Meis – Guida dei perplessi, la nuova vita del manoscritto

Ogni libro ha una vita. Il Codice Norsa, manoscritto miniato della “Guida dei perplessi” di Maimonide, ne ha almeno tre.

A ripercorrere le sue rocambolesche e affascinanti vicende, l’incontro “La Guida dei perplessi di Mosè Maimonide. Un restauro in equilibrio tra storia, estetica e conservazione” svoltosi al Salone Internazionale del Restauro, dei Musei e delle Imprese Culturali di Ferrara e organizzato dall’Istituto centrale per il restauro e la conservazione del patrimonio archivistico e librario (Icrcpal) in collaborazione con il Museo nazionale dell’ebraismo italiano e della Shoah – Meis.
Appartenuto per più di 500 anni alla famiglia ebraica mantovana dei Norsa, il Codice è uno dei preziosi volumi esposti al Meis per la mostra “Il Rinascimento parla ebraico” curata da Giulio Busi e Silvana Greco. Nel 2017 è stato acquistato dallo Stato e restaurato dall’Icrcpal.
“Noi siamo come un ospedale per libri malati – ha esordito Maria Letizia Sebastiani, direttore dell’Icrcpal – e il nostro obiettivo è quello di poterli restituire sani alla collettività”.
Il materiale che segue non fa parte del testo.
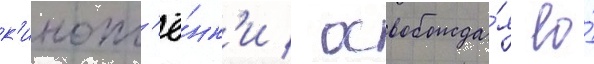
к'инопл'ё́нк'и / освобожда́я ео́

“Dal 1500, la famiglia Norsa ha custodito il codice – ha spiegato il presidente del Meis Dario Disegni – ed è stato particolarmente interessante seguire l’acquisizione da parte dello Stato italiano che è riuscito a non farlo uscire dal Paese. Grazie all’Icrcpal e al suo restauro straordinario abbiamo la possibilità e il privilegio di mostrare al Meis uno dei capolavori dell’arte ebraica”.
Un testo emblematico dell’ebraismo italiano, ha ricordato il direttore del Meis Simonetta Della Seta: “La Guida dei perplessi di Mosè Maimonide è stata scritta in arabo e tradotta in ebraico in area sefardita, poi copiata in area germanica aschenazita, infine custodita per secoli da una famiglia di ebrei italiani a Mantova. Un esempio della pluralità ebraica nella nostra Penisola, nonché di confronto tra culture, dal momento che Maimonide cercò in questa opera una strada per far dialogare la filosofia ebraica, aristotelica e musulmana”.
Cosa rende questo manoscritto così unico? Lo illustra Giulio Busi, curatore della mostra: “La particolarità è nella miniatura. Realizzato nel 1349 nel periodo della peste nera, il codice ha delle miniature a tutta pagina, un vero e proprio unicum per un’opera di carattere filosofico. Bisogna pensare che all’epoca un libro del genere costava più di una casa”. “Se non sappiamo nulla del primo acquirente – ha proseguito Busi – conosciamo l’identità del banchiere mantovano che lo ha comprato nel 1516: Mosheh ben Netan’el Norsa, un uomo dalla doppia anima: banchiere ma anche fine intellettuale”.
A raccontare tutti gli straordinari risvolti del restauro, Maria Carla Sclocchi, responsabile del laboratorio di biologia e Maria Luisa Riccardi del laboratorio di restauro dell’Icrcpal. Il primo incontro con il libro, dice Sclocchi, è una vera e propria visita medica. Vengono fatte le analisi, i prelievi e si fa una diagnosi. La copia presentava ad esempio delle macchie, una molto evidente di colore biancastro e, una volta individuate le problematiche, si agisce. Un lavoro delicato che richiede la sinergia di biologi, chimici e restauratori. Riccardi suggerisce di tenere a mente tre date: “Come restauratori abbiamo fatto riferimento a tre momenti della vita di questo libro: l’anno in cui è stato copiato, 1349, l’anno in cui è stato acquistato da Norsa, il 1516, e l’anno più critico per la città: il 1630 quando avvenne il disastroso sacco di Mantova ad opera dei lanzichenecchi. Proprio questo spiegherebbe un segno di danneggiamento alla copertina e al dorso, che abbiamo voluto mantenere visibile”. Il restauro ha tenuto conto dunque di tutti gli elementi a disposizione rispettando i tre obiettivi; quello dell’estetica, della fruibilità e della storia utilizzando gli strumenti più moderni ed avanzati disponibili.
“Un lavoro – ha concluso Sebastiani – realizzato grazie anche a Micaela Procaccia, per anni responsabile del patrimonio archivistico dello Stato, e sul quale uscirà presto una pubblicazione”.